De Chicago School is een school voor economisch denken waarvan de oorsprong ligt in het departement economie en de business school aan de Universiteit van Chicago in het midden van de 20e eeuw.
De school in Chicago werd gekenmerkt door het afwijzen van de ideeën van het keynesianisme (die voorstander waren van staatsinterventie), om de vrije markt en de ideeën van het monetarisme te promoten.

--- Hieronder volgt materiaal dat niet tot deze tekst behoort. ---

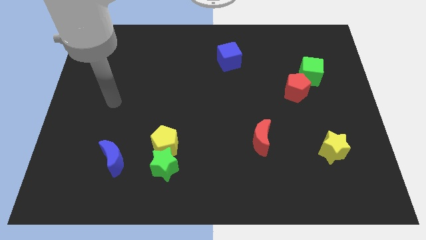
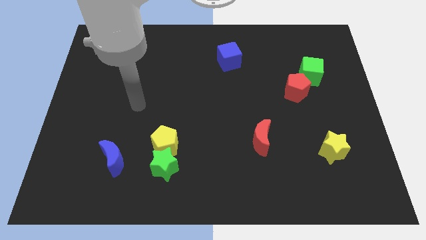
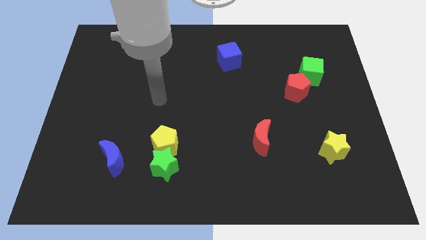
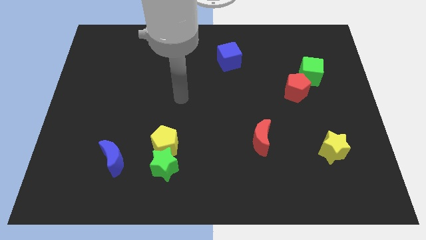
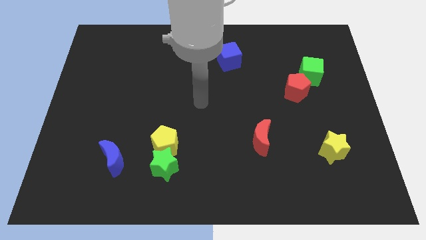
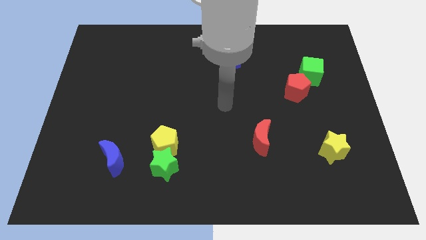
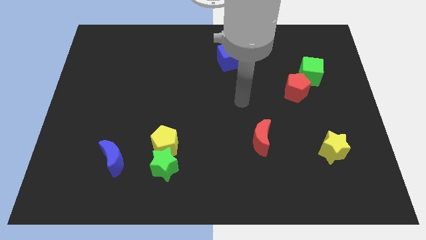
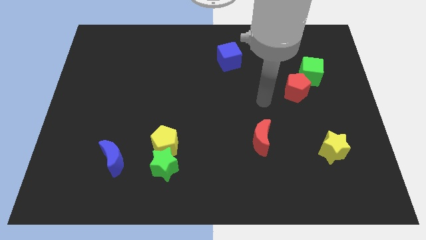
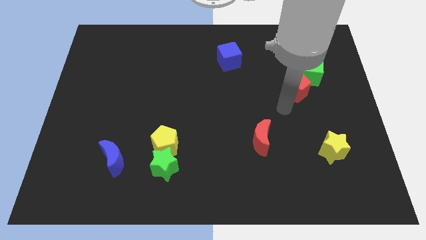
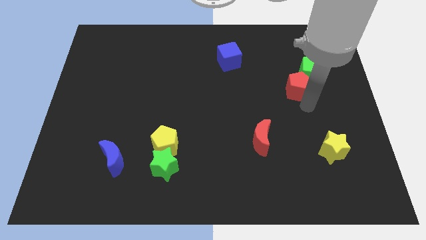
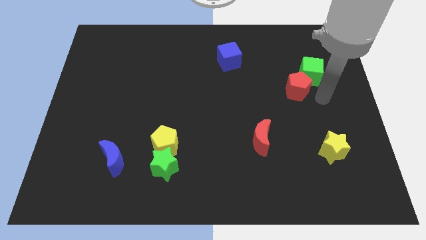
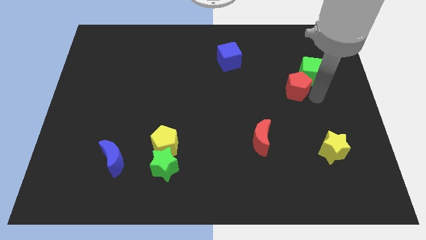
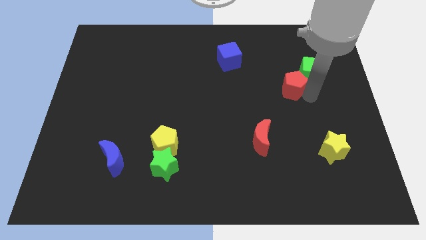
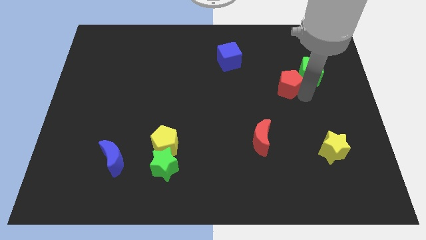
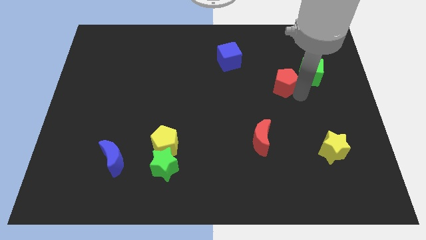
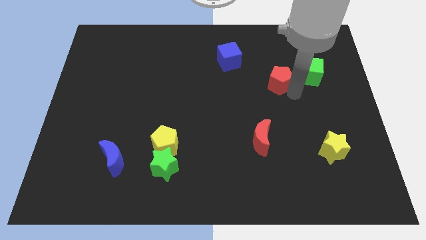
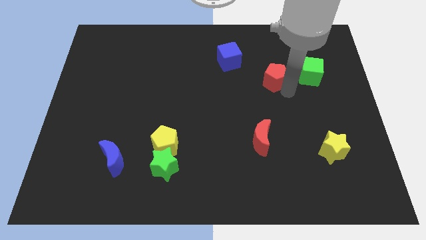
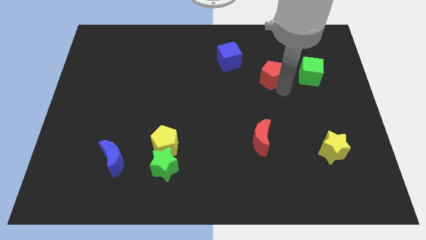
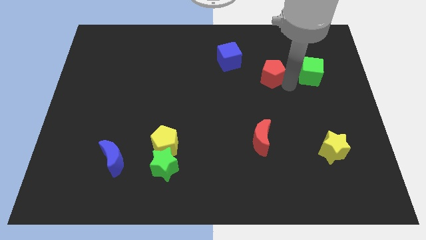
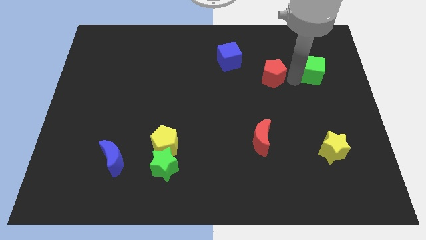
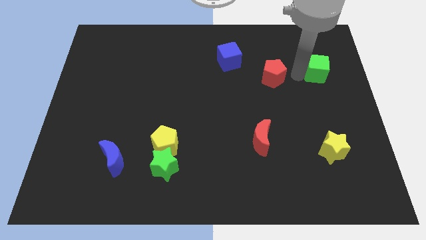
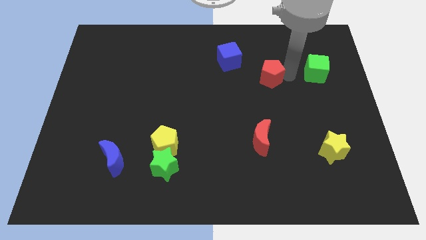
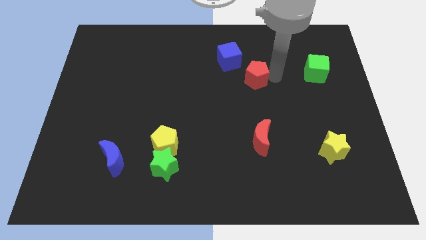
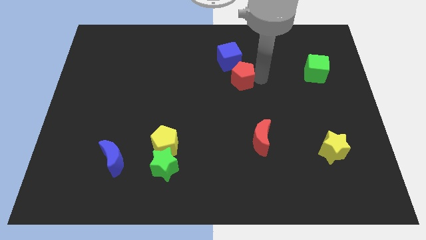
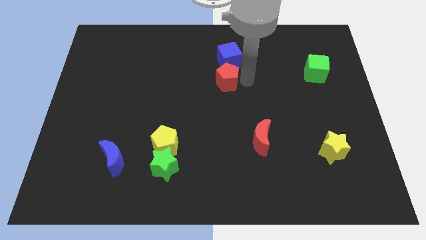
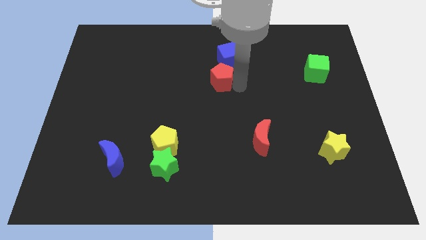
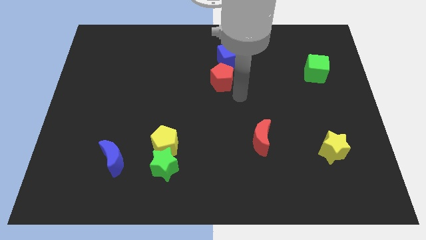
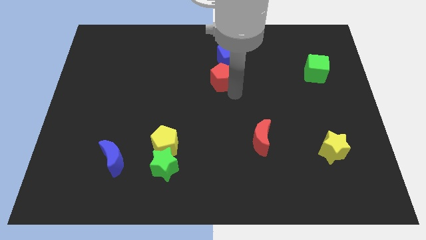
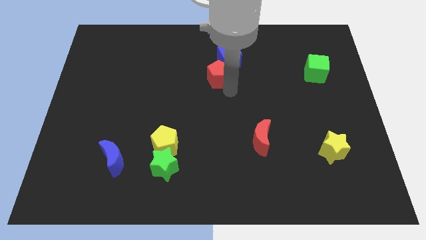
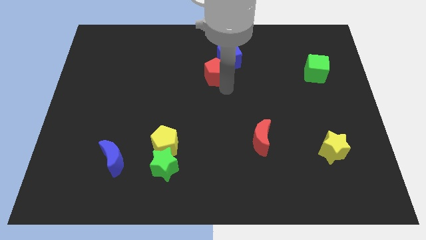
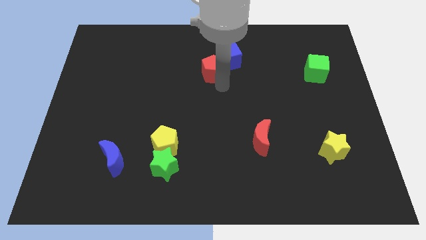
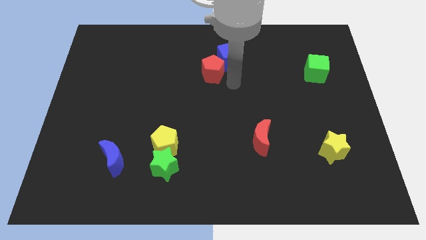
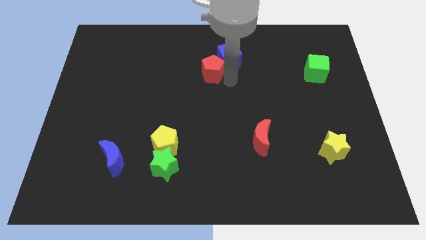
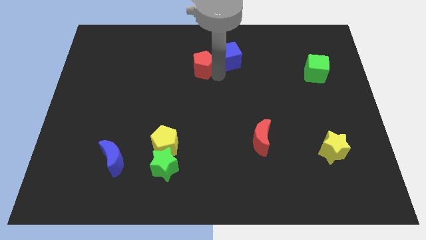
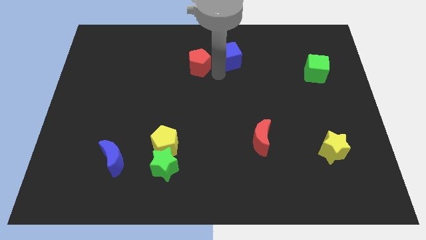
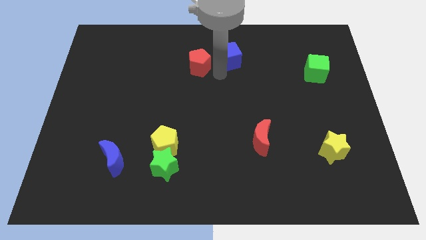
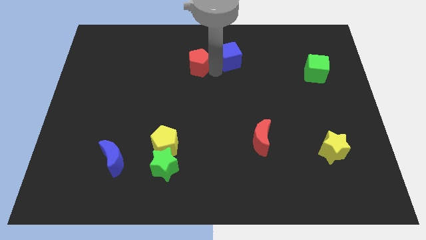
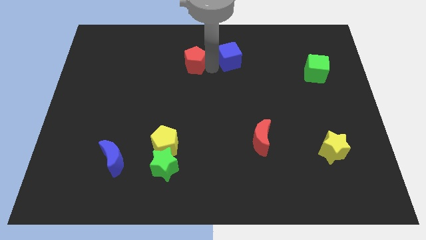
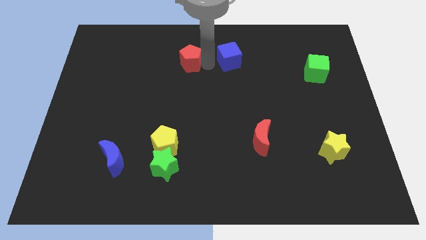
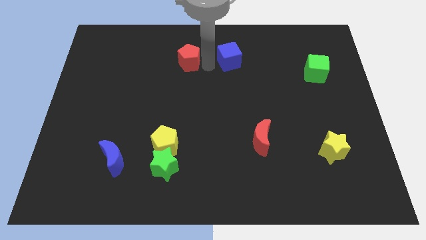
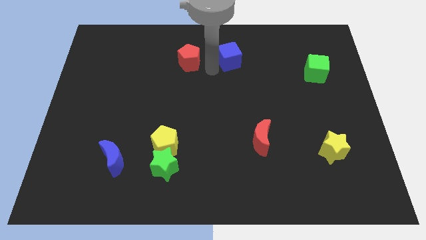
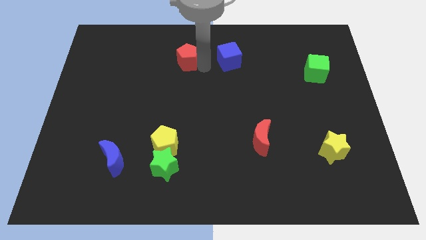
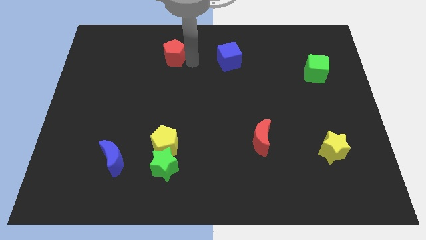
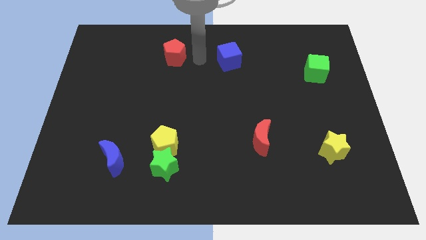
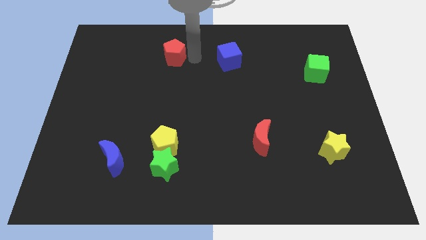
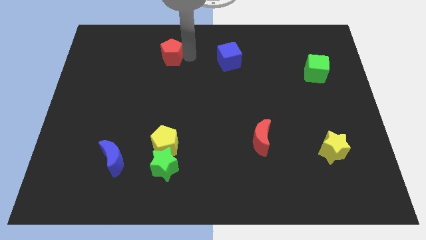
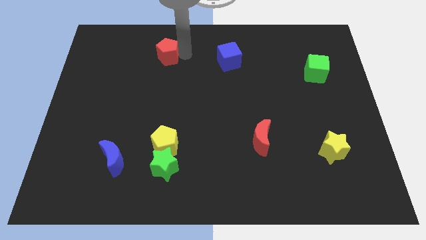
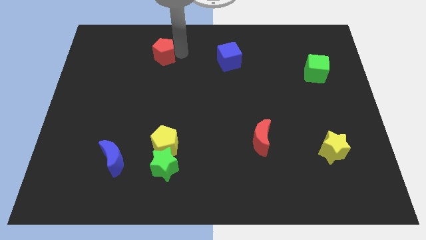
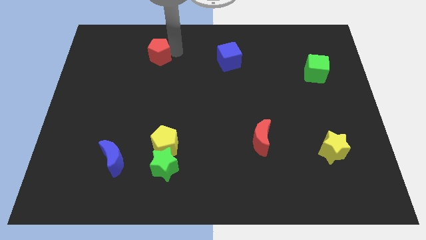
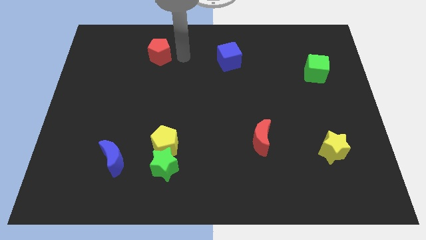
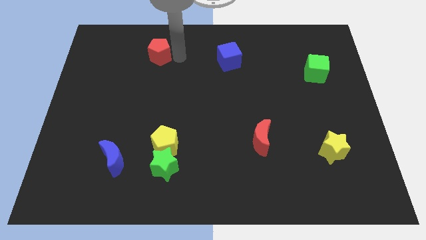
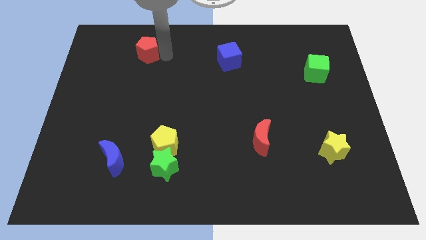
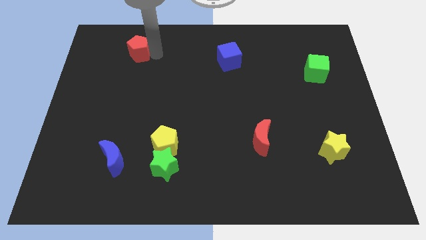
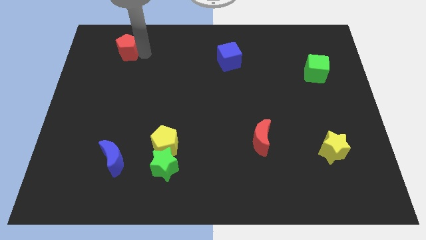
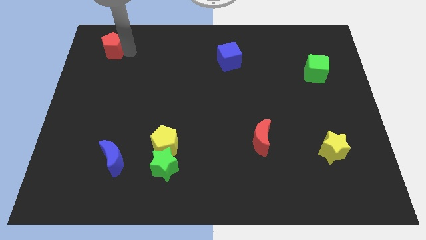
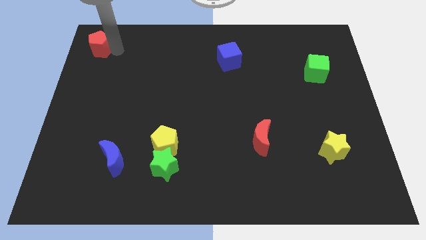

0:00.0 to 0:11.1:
push the red pentagon to the upper left corner

De belangrijkste exponenten waren Milton Friedman en George Stigler, beide winnaars van de Nobelprijs voor economie.
Belangrijkste ideeën van de school in Chicago
Schooleconomen in Chicago waren ervan overtuigd dat de markteconomie inherent stabiel is en dat schokken (zoals economische depressies of crises) het gevolg zouden zijn van ongepast overheidsingrijpen.
Milton Friedman, een van de belangrijkste vertegenwoordigers, voerde inderdaad aan dat de grote depressie van de jaren dertig niet een gebrek aan investeringen was, zoals Keynes beweerde, maar een inkrimping van de geldhoeveelheid.
De Chicago-schoolbenadering wordt gekenmerkt door een pro-marktbenadering met een analyse die de volgende componenten omvat:
- consumptie theorie: Er wordt onderzocht hoe individuen hun consumptiebeslissingen uitvoeren. Hiervoor zijn voorkeuren (weerspiegeld in de nutscurven) gerelateerd aan de budgetbeperking.
- Theorie van rationele verwachtingen: Het gaat ervan uit dat individuen hun verwachtingen rationeel vormen, dat wil zeggen dat ze de beschikbare informatie correct gebruiken. Gezien het bovenstaande zijn rationele verwachtingen meestal correct en zijn fouten willekeurig.
- Kritiek op het keynesianisme: Kritiek op staatsinterventie om de economie te stabiliseren.
- Marshaliaanse traditie: Studie van specifieke, concrete markten.
- Human capital theorie: is van mening dat een van de belangrijkste factoren bij het verklaren van productiviteit de voorraad menselijk kapitaal is (de vaardigheden van werknemers, hun opleiding en ervaring).
De school in Chicago beperkte zich niet tot het bestuderen en doen van voorstellen in de puur economische sfeer, maar breidde haar analyse uit tot juridische en sociale kwesties zoals de instelling van het huwelijk, slavernij en demografische veranderingen.
Economische maatregelen voorgesteld door de school in Chicago
De school in Chicago beschouwde staatsinterventie als het creëren van inefficiëntie en het belemmeren van de groei. Gezien het bovenstaande hebben ze een reeks maatregelen voorgesteld ten gunste van de vrije markt, met de nadruk op het volgende:
- deregulering: Elimineer of verminder de voorschriften / beperkingen die zijn opgelegd aan de economische activiteit van particuliere agenten.
- privatisering: Staatseigendom overdragen of verkopen aan particulieren. Deze laatste zou meer bereid zijn om een efficiënt beheer van de middelen te voeren.
- concessies: Concessiecontracten afsluiten voor particuliere agenten om staatsactiva of -structuren te beheren.
- Afschaffing van subsidies en andere hulpmiddelen: Schaf subsidies of hulp af die de vrije concurrentie van bedrijven kunnen belemmeren.
- Verminder bureaucratie: Verminder en maak het staatsapparaat efficiënter.
Toonaangevende exponenten van de school in Chicago
De school in Chicago werd geleid door twee economen die de Nobelprijs ontvingen voor hun bijdragen op het gebied van economie: Milton Friedman (1976 Nobelprijs voor economie) en George Stigler (1982 Nobelprijs voor economie).
Andere relevante namen die ook Nobelprijzen wonnen zijn:
- Theodore Schultz (1979)
- Merton Miller (1990)
- Ronald Coase (1991)
- Gary Becker (1992)
Toepassing van de theorieën van de Chicago School
De theorieën van de Chicago-school waren moeilijk toe te passen in democratische omgevingen waar arbeiders en werkgevers zich sterk zouden verzetten tegen de vermindering of afschaffing van de hulp (subsidies, uitkeringen, minimumbescherming, enz.).
Gezien het bovenstaande werden veel van het beleid toegepast in landen met dictaturen, zoals het geval was in Chili onder de regering van Augusto Pinochet.